— Exercise aim —
The full text of the records below, minus any pictures, should be given back word for word.
======== Input data ========
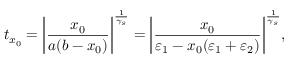
t _ { x _ { 0 } } = \bigg | \frac { x _ { 0 } } { a ( b - x _ { 0 } ) } \bigg | ^ { \frac { 1 } { \gamma _ { s } } } = \bigg | \frac { x _ { 0 } } { \varepsilon _ { 1 } - x _ { 0 } ( \varepsilon _ { 1 } + \varepsilon _ { 2 } ) } \bigg | ^ { \frac { 1 } { \gamma _ { s } } } ,
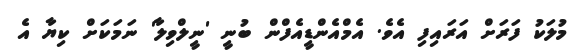
މުލަކު ފަރަށް އަރައިފި އެވެ. އެމްއެންޑީއެފްން ބުނީ 'ނީލްވިލާ' ނަމަކަށް ކިޔާ އެ
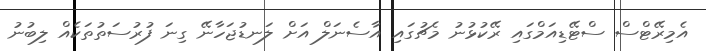
އެމިރޭޓްސް ސްޓޭޑިއަމްގައި ރޭކުޅުނު މެޗުގައި އާސެނަލް އަށް ލަނޑުޖަހާނޭ ގިނަ ފުރުސަތުތަކެއް ލިބުނު
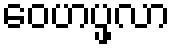
ဝေဟပ္ဖလာ
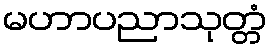
မဟာပညာသုတ္တံ
========
— Expected answer —
t _ { x _ { 0 } } = \bigg | \frac { x _ { 0 } } { a ( b - x _ { 0 } ) } \bigg | ^ { \frac { 1 } { \gamma _ { s } } } = \bigg | \frac { x _ { 0 } } { \varepsilon _ { 1 } - x _ { 0 } ( \varepsilon _ { 1 } + \varepsilon _ { 2 } ) } \bigg | ^ { \frac { 1 } { \gamma _ { s } } } ,
މުލަކު ފަރަށް އަރައިފި އެވެ. އެމްއެންޑީއެފްން ބުނީ 'ނީލްވިލާ' ނަމަކަށް ކިޔާ އެ
އެމިރޭޓްސް ސްޓޭޑިއަމްގައި ރޭކުޅުނު މެޗުގައި އާސެނަލް އަށް ލަނޑުޖަހާނޭ ގިނަ ފުރުސަތުތަކެއް ލިބުނު
ဝေဟပ္ဖလာ
မဟာပညာသုတ္တံ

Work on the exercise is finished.